> **AIM OF THE EXERCISE**:
Reproduce verbatim the line containing "#1197=CARTESIAN_POINT('',(0.,2.,49.83));" and every line that follows it through the end of the entries below, omitting all pictures.

————

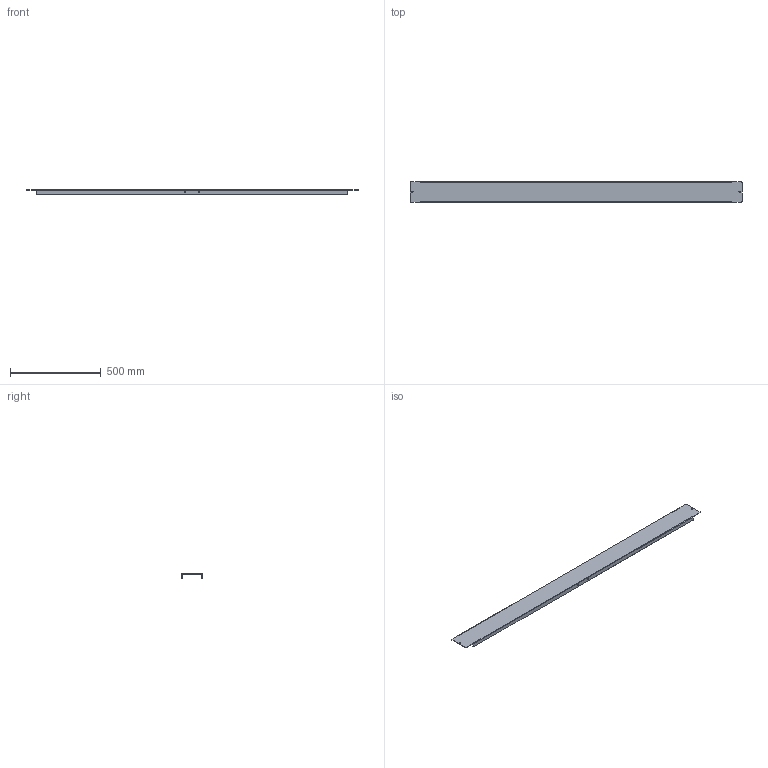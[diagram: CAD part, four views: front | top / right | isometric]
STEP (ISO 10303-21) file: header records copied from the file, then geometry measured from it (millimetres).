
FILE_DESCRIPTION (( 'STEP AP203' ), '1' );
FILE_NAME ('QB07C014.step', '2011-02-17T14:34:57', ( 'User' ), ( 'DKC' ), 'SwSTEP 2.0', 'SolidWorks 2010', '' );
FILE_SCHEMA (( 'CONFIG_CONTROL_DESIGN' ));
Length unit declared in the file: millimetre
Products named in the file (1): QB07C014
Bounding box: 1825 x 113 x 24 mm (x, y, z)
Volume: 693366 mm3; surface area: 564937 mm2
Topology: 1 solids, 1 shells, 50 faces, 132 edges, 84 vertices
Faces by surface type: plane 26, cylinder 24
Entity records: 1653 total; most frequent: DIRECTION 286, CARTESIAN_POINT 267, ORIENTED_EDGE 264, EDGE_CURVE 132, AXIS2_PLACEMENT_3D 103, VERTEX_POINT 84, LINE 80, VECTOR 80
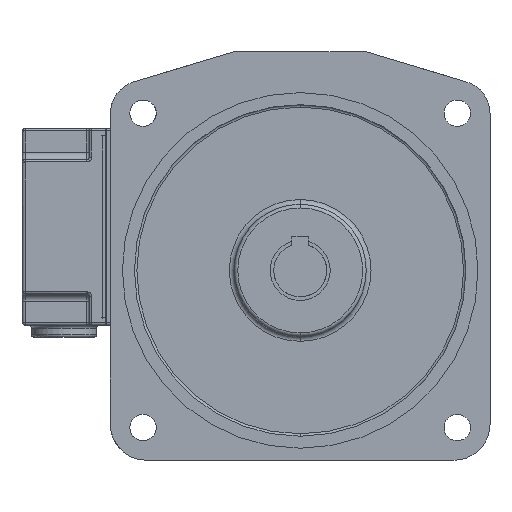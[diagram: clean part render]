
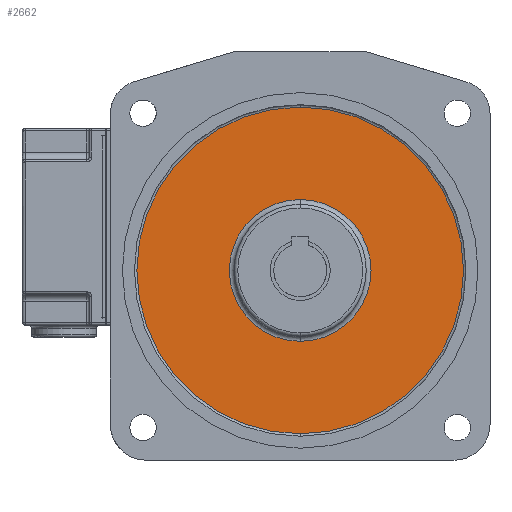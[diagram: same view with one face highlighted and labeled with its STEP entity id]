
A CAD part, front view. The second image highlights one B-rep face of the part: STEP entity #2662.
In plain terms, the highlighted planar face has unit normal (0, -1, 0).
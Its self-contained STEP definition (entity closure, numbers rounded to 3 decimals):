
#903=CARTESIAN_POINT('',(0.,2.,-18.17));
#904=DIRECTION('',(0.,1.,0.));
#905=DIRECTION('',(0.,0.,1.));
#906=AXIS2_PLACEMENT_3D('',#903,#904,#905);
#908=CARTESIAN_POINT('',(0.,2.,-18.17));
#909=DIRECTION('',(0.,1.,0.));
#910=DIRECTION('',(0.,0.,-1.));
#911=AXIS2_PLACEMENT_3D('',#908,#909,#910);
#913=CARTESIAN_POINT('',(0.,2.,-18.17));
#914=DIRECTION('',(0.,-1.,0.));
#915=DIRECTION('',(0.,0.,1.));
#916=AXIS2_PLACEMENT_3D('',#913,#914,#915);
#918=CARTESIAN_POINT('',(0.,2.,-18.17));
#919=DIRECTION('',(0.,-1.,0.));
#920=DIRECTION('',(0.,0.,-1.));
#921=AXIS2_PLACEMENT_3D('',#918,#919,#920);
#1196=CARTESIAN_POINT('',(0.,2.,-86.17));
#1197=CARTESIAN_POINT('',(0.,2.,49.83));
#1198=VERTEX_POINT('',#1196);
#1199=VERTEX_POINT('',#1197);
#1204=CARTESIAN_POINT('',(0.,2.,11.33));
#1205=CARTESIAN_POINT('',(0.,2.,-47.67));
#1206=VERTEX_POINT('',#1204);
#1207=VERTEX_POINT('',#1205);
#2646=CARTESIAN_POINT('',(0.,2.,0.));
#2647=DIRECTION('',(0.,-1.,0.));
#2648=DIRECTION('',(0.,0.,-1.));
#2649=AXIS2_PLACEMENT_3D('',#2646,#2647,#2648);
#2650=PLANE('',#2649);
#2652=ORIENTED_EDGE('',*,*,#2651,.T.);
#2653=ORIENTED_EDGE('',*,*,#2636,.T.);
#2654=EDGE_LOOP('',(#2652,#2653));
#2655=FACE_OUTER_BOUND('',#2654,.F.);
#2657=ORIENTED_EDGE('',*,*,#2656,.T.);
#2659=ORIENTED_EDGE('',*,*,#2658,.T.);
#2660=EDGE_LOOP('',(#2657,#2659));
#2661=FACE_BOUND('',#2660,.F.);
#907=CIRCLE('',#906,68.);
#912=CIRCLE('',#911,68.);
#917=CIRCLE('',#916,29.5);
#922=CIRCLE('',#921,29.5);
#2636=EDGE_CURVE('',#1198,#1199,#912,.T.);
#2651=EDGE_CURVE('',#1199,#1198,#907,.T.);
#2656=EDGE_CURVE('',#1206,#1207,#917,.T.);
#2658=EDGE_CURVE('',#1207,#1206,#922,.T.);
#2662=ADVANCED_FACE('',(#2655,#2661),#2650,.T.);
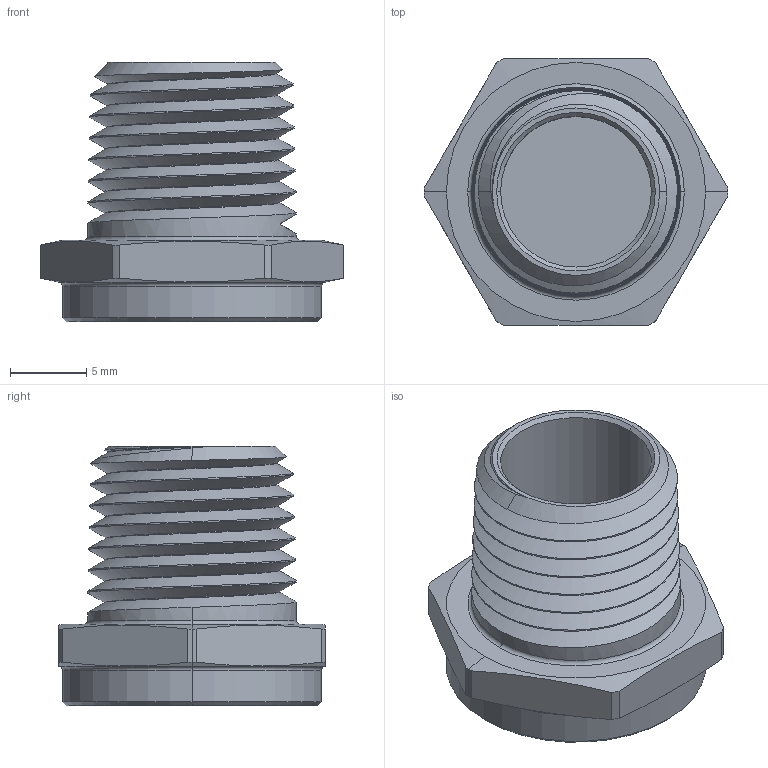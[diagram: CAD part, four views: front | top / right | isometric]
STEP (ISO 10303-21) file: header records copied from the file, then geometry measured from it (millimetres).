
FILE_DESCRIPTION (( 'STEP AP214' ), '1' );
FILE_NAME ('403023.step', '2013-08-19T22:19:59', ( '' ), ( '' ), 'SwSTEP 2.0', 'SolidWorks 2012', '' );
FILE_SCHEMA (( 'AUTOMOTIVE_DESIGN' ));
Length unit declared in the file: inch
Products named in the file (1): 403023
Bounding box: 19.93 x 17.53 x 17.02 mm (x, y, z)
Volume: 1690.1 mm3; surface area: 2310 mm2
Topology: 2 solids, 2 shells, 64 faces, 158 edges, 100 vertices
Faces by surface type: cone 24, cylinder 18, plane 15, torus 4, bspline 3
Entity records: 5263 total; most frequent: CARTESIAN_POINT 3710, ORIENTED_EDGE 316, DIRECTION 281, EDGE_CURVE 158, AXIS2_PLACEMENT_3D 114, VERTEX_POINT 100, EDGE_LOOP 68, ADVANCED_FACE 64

————

> **ANSWER SECTION**:
#1197=CARTESIAN_POINT('',(0.,2.,49.83));
#1198=VERTEX_POINT('',#1196);
#1199=VERTEX_POINT('',#1197);
#1204=CARTESIAN_POINT('',(0.,2.,11.33));
#1205=CARTESIAN_POINT('',(0.,2.,-47.67));
#1206=VERTEX_POINT('',#1204);
#1207=VERTEX_POINT('',#1205);
#2646=CARTESIAN_POINT('',(0.,2.,0.));
#2647=DIRECTION('',(0.,-1.,0.));
#2648=DIRECTION('',(0.,0.,-1.));
#2649=AXIS2_PLACEMENT_3D('',#2646,#2647,#2648);
#2650=PLANE('',#2649);
#2652=ORIENTED_EDGE('',*,*,#2651,.T.);
#2653=ORIENTED_EDGE('',*,*,#2636,.T.);
#2654=EDGE_LOOP('',(#2652,#2653));
#2655=FACE_OUTER_BOUND('',#2654,.F.);
#2657=ORIENTED_EDGE('',*,*,#2656,.T.);
#2659=ORIENTED_EDGE('',*,*,#2658,.T.);
#2660=EDGE_LOOP('',(#2657,#2659));
#2661=FACE_BOUND('',#2660,.F.);
#907=CIRCLE('',#906,68.);
#912=CIRCLE('',#911,68.);
#917=CIRCLE('',#916,29.5);
#922=CIRCLE('',#921,29.5);
#2636=EDGE_CURVE('',#1198,#1199,#912,.T.);
#2651=EDGE_CURVE('',#1199,#1198,#907,.T.);
#2656=EDGE_CURVE('',#1206,#1207,#917,.T.);
#2658=EDGE_CURVE('',#1207,#1206,#922,.T.);
#2662=ADVANCED_FACE('',(#2655,#2661),#2650,.T.);
[diagram: CAD part, four views: front | top / right | isometric]
STEP (ISO 10303-21) file: header records copied from the file, then geometry measured from it (millimetres).
FILE_DESCRIPTION (( 'STEP AP214' ), '1' );
FILE_NAME ('403023.step', '2013-08-19T22:19:59', ( '' ), ( '' ), 'SwSTEP 2.0', 'SolidWorks 2012', '' );
FILE_SCHEMA (( 'AUTOMOTIVE_DESIGN' ));
Length unit declared in the file: inch
Products named in the file (1): 403023
Bounding box: 19.93 x 17.53 x 17.02 mm (x, y, z)
Volume: 1690.1 mm3; surface area: 2310 mm2
Topology: 2 solids, 2 shells, 64 faces, 158 edges, 100 vertices
Faces by surface type: cone 24, cylinder 18, plane 15, torus 4, bspline 3
Entity records: 5263 total; most frequent: CARTESIAN_POINT 3710, ORIENTED_EDGE 316, DIRECTION 281, EDGE_CURVE 158, AXIS2_PLACEMENT_3D 114, VERTEX_POINT 100, EDGE_LOOP 68, ADVANCED_FACE 64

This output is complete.